Aksi tandingan juga dilakukan, baik melalui demo maupun pernyataan sikap dari kelompok purnawirawan yang masih dapat dikendalikan oleh Jokowi dan Wakil Presiden Gibran. Kelompok ini meliputi organisasi purnawirawan TNI-Polri seperti PEPABRI, LVRI, PPAD, PPAL, PPAU, PP Polri, dan PERIP.
Persatuan Purnawirawan TNI-Polri, yang anggotanya termasuk Jenderal (Purn) Agum Gumelar hingga Jenderal (Purn) Wiranto, turut menyatakan dukungannya terhadap Wakil Presiden Gibran Raka Bumingraka.
Tidak hanya itu, Gubernur Jawa Barat, Kang Dedi Mulyadi, turut berkomentar. Dengan pengaruh besar di media sosial yang diikuti jutaan orang, ia membangun narasi bahwa polemik seputar Gibran di Mahkamah Konstitusi hanyalah pemicu permukaan. Menurut Dedi, akar permasalahan sebenarnya adalah rasa marah yang timbul.
Kemarahan tersebut, menurut Dedi, muncul karena Presiden Jokowi dan keluarganya secara terbuka mendukung pasangan Prabowo–Gibran. Dukungan ini dianggap telah mengurangi kekuatan calon presiden lain dan memperbesar potensi kekalahan mereka. Dedi juga menegaskan bahwa Gibran memenuhi kualifikasi, seperti kemampuan berbahasa Inggris dan kepemimpinan yang terbukti saat menjabat Wali Kota Surakarta.
Sebagai contoh, Dedi menyebutkan pendirian pabrik pengelolaan sampah menjadi energi listrik—sebuah prestasi yang menurutnya bahkan belum terwujud di Bantar Gebang. “Anak presiden sampai harus membungkukkan badan itu hal yang berat,” sindirnya, menanggapi ekspektasi yang dianggap tidak realistis terhadap Gibran.
Tak bisa disangkal, dalam dunia politik, narasi memegang peranan penting. Dalam konteks isu pemakzulan Gibran, propaganda yang dibangun oleh kubu Jokowi–Gibran tampaknya bertujuan menciptakan citra positif tentang kepemimpinan mereka.
Namun, apakah kritik terhadap politik dinasti hanya dianggap sebagai suara bising tanpa makna? Apakah persoalan politik dinasti dan reputasi seseorang yang pantas menjadi nomor dua di negara ini sesederhana itu?

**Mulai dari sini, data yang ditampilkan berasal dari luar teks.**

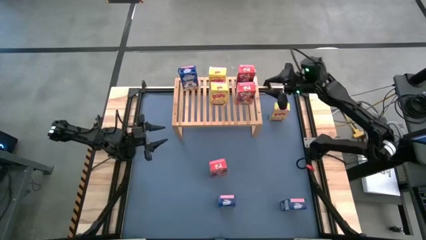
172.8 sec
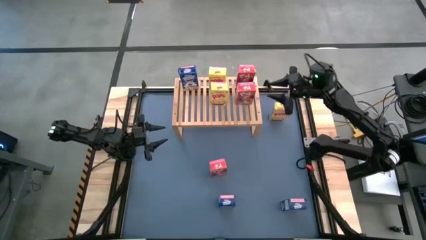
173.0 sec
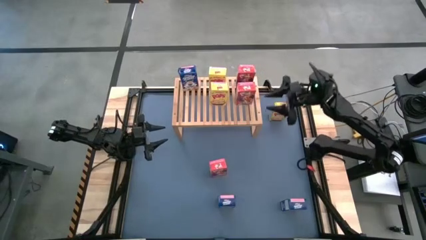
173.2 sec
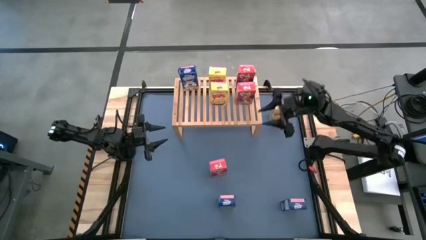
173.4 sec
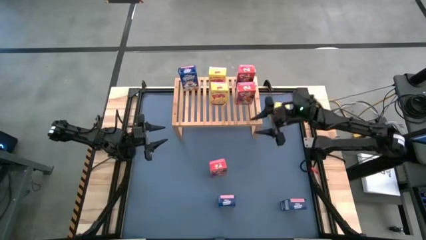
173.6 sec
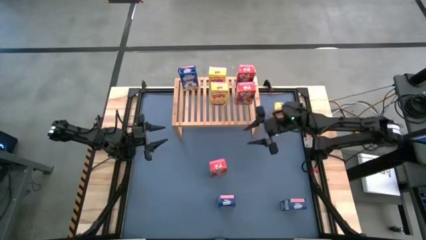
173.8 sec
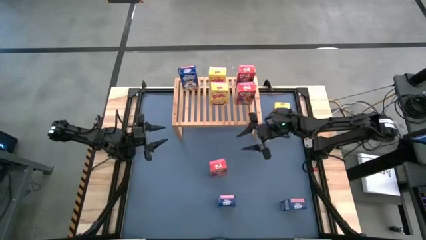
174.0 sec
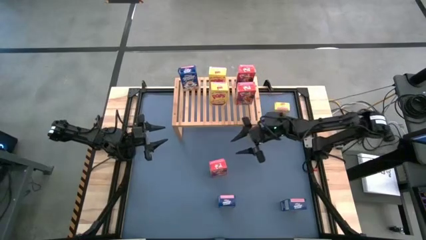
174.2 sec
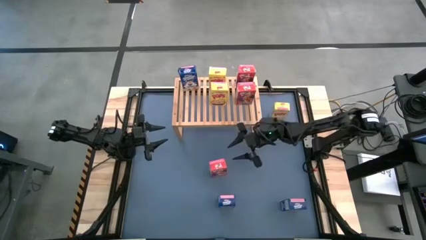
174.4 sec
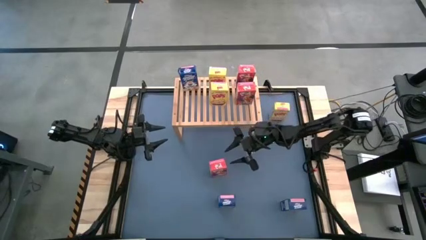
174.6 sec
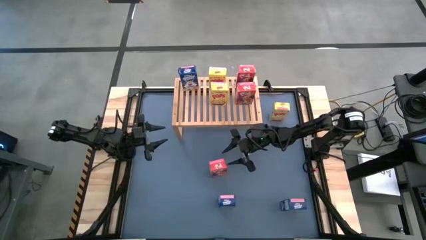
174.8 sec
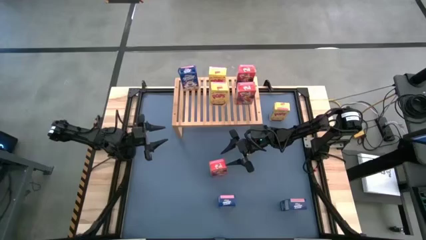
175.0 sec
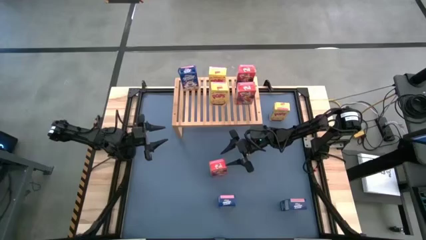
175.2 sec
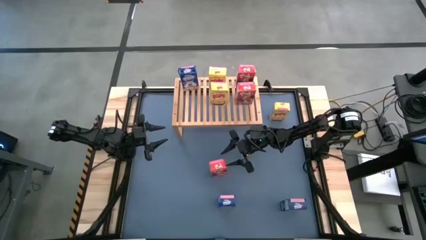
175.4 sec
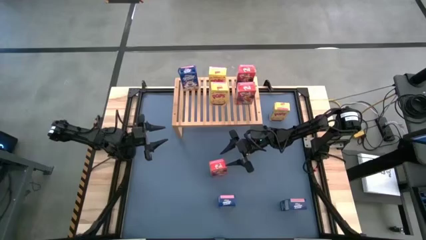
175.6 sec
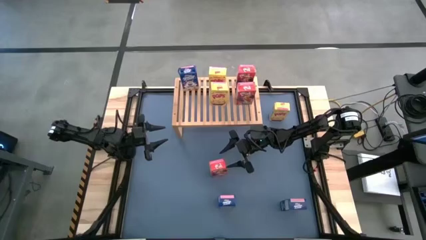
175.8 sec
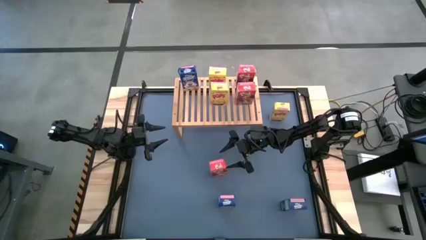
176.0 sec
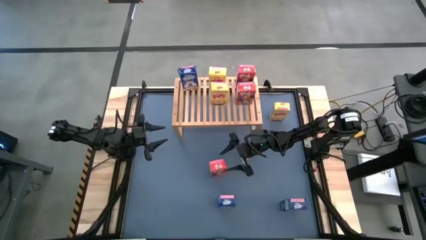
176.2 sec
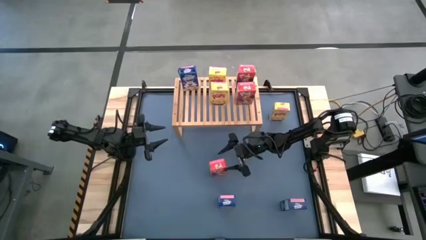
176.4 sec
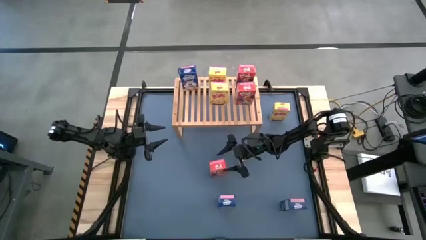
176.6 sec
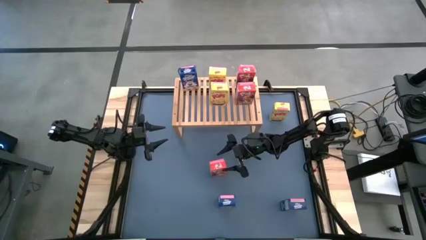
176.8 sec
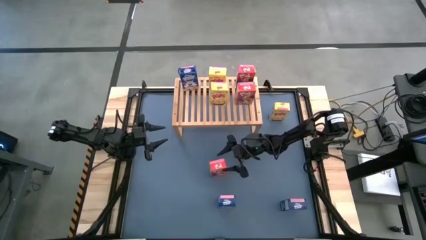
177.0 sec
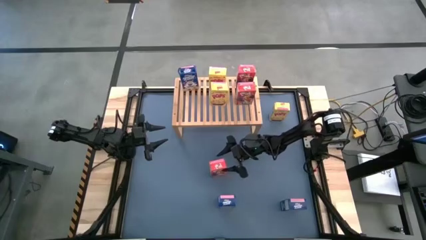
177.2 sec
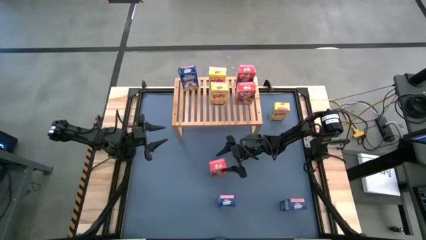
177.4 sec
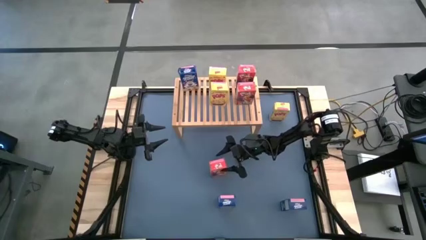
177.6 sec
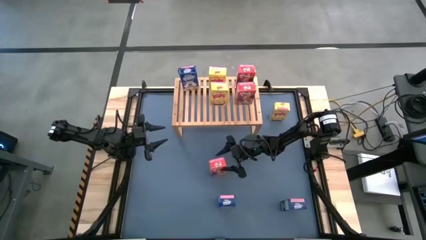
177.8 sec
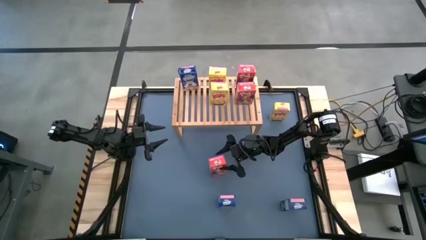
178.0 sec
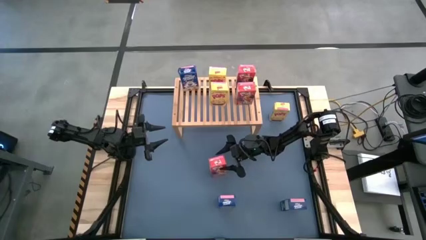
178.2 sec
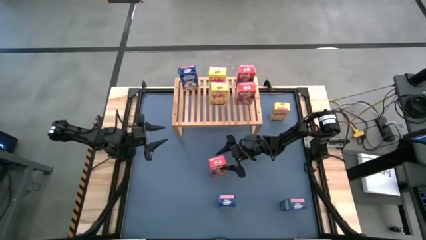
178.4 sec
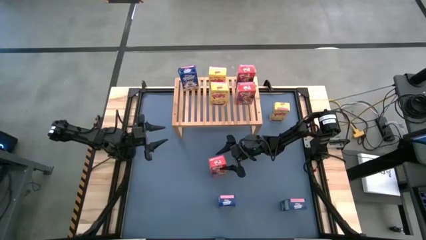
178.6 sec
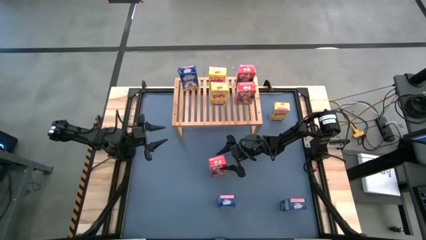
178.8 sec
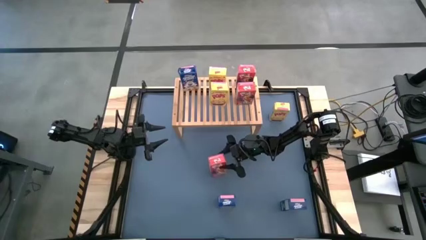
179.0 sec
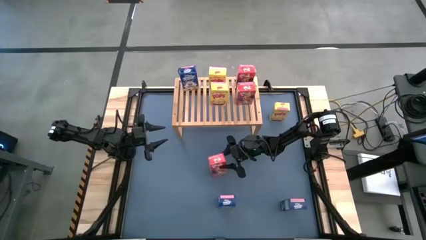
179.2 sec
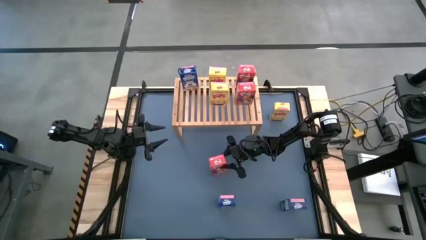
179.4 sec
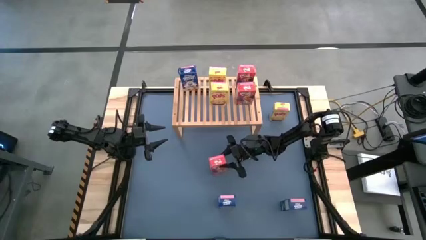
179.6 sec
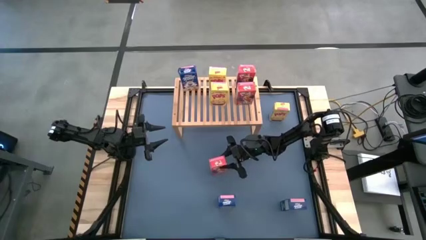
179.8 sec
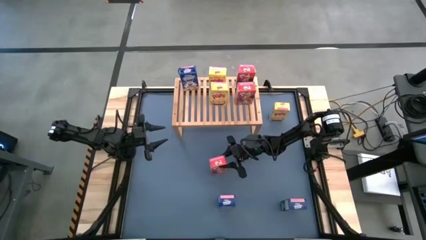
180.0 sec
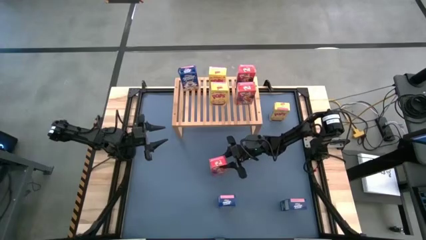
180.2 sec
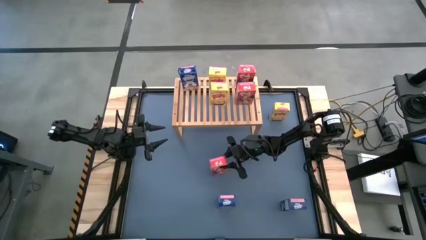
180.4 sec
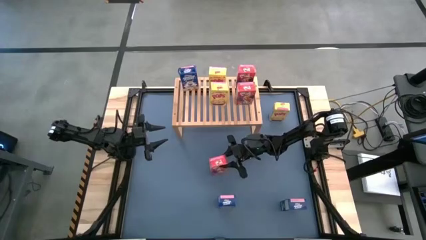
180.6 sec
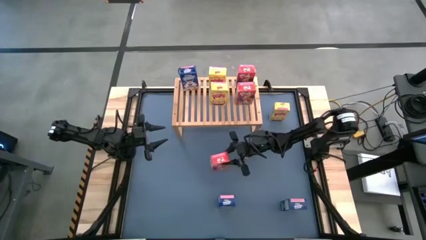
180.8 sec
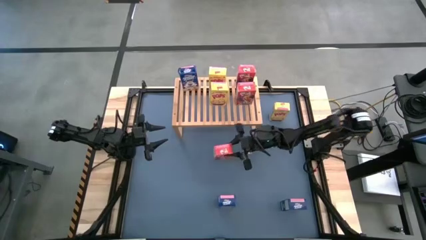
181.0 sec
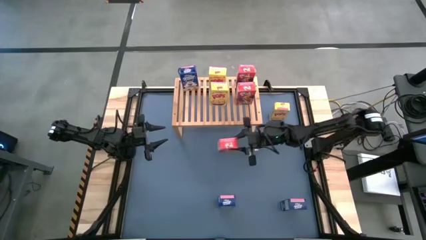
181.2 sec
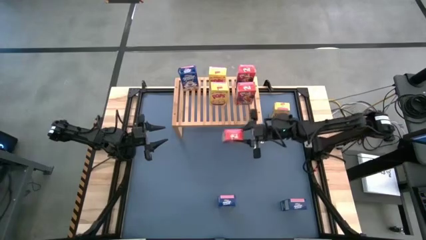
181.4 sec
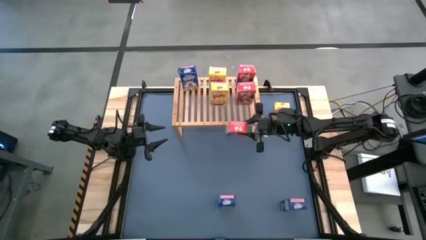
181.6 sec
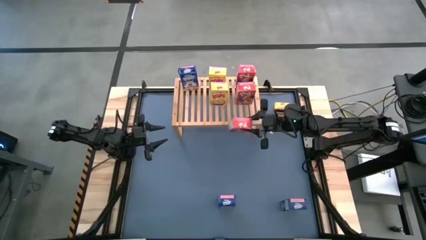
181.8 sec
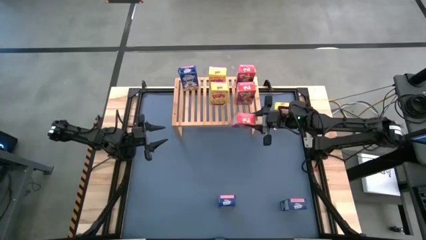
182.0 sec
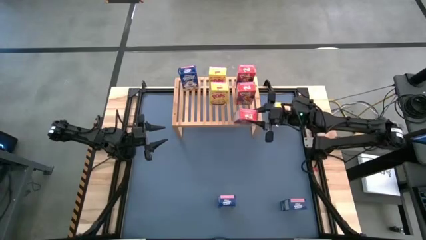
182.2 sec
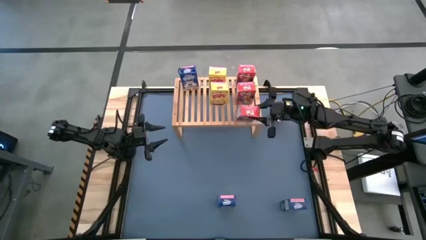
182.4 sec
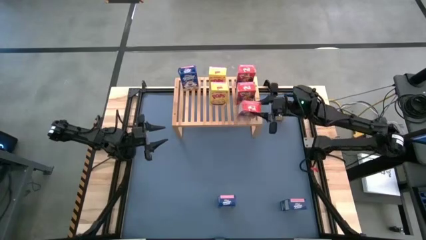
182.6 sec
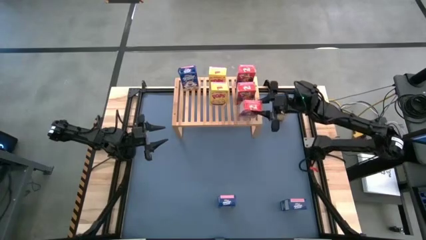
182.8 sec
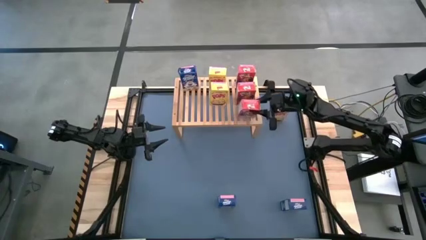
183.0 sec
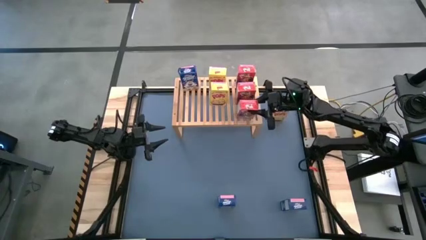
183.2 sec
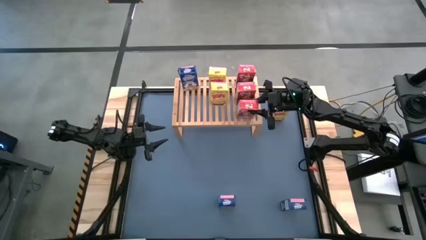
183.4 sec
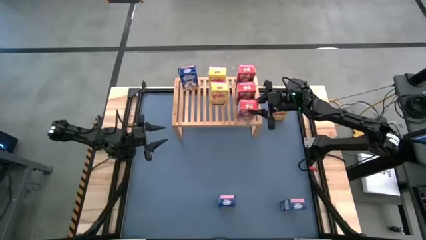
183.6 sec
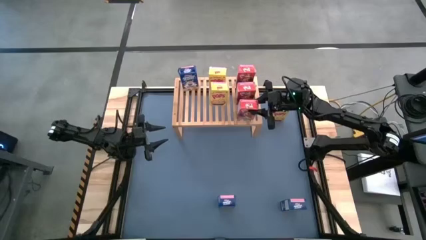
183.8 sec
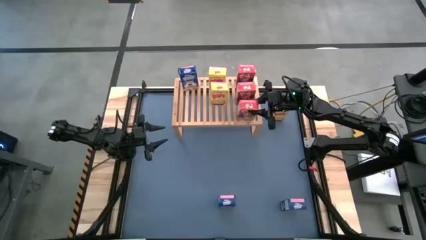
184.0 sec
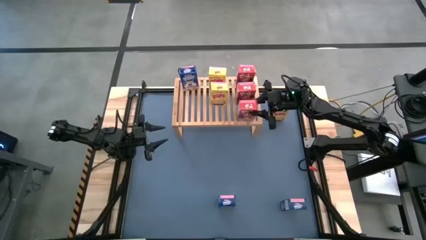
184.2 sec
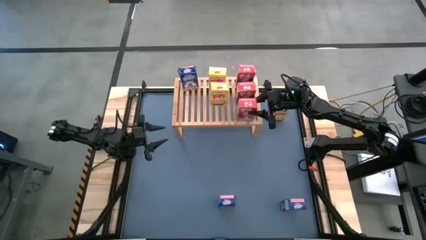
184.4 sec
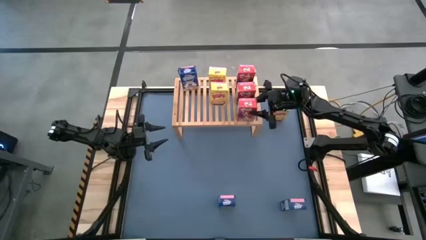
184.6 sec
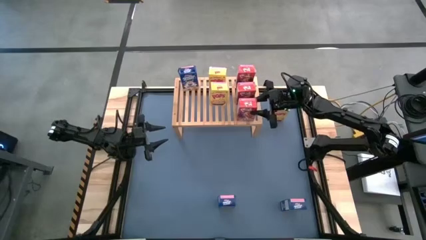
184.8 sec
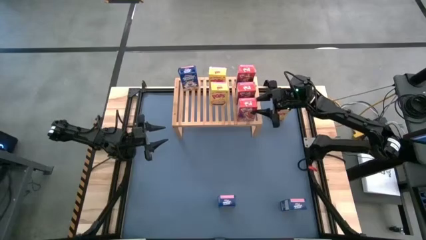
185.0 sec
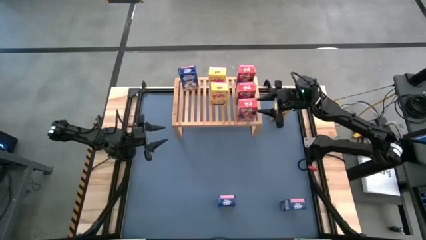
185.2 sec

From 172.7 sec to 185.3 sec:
Task: Stack cereal on shelf
Put the red cereal box on the shelf aligned with the other red cereal boxes

Bagi banyak orang, ini bukan hanya soal kalah atau menang, melainkan soal rusaknya etika dan ambruknya prinsip negara hukum.
Atau, akankah ini menjadi bukti bahwa Indonesia memang tidak sedang baik-baik saja dan mulai menunjukkan potensi disintegrasi?

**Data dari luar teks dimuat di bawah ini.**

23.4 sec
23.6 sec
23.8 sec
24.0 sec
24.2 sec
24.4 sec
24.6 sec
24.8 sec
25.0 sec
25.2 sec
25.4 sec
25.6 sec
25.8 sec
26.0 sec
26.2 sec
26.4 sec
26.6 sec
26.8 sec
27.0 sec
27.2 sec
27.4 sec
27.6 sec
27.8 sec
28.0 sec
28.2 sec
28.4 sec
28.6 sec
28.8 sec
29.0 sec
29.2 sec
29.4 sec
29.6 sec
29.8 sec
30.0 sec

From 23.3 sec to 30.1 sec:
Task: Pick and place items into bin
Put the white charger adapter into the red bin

Apakah Politik Dinasti Tetap Berjaya?
Apakah pemberantasan nepotisme dan politik dinasti hanyalah utopia dalam demokrasi Indonesia? Dengan rendahnya literasi politik dan kuatnya patronase, jawabannya cenderung ya.
Politik dinasti bukan hanya soal darah, tetapi juga sistem kekuasaan yang diwariskan kepada keluarga dan kroni. Di banyak daerah, jabatan publik telah menjadi “aset” keluarga yang diwariskan tanpa rasa malu, dan publik seringkali memaklumi hal ini sebagai sesuatu yang “lumrah.”
Selama suara rakyat lebih mudah dibeli dengan bantuan sesaat atau popularitas semu, akal sehat demokrasi tetap lumpuh. Politik dinasti pun tumbuh subur di panggung utama, bukan di balik layar.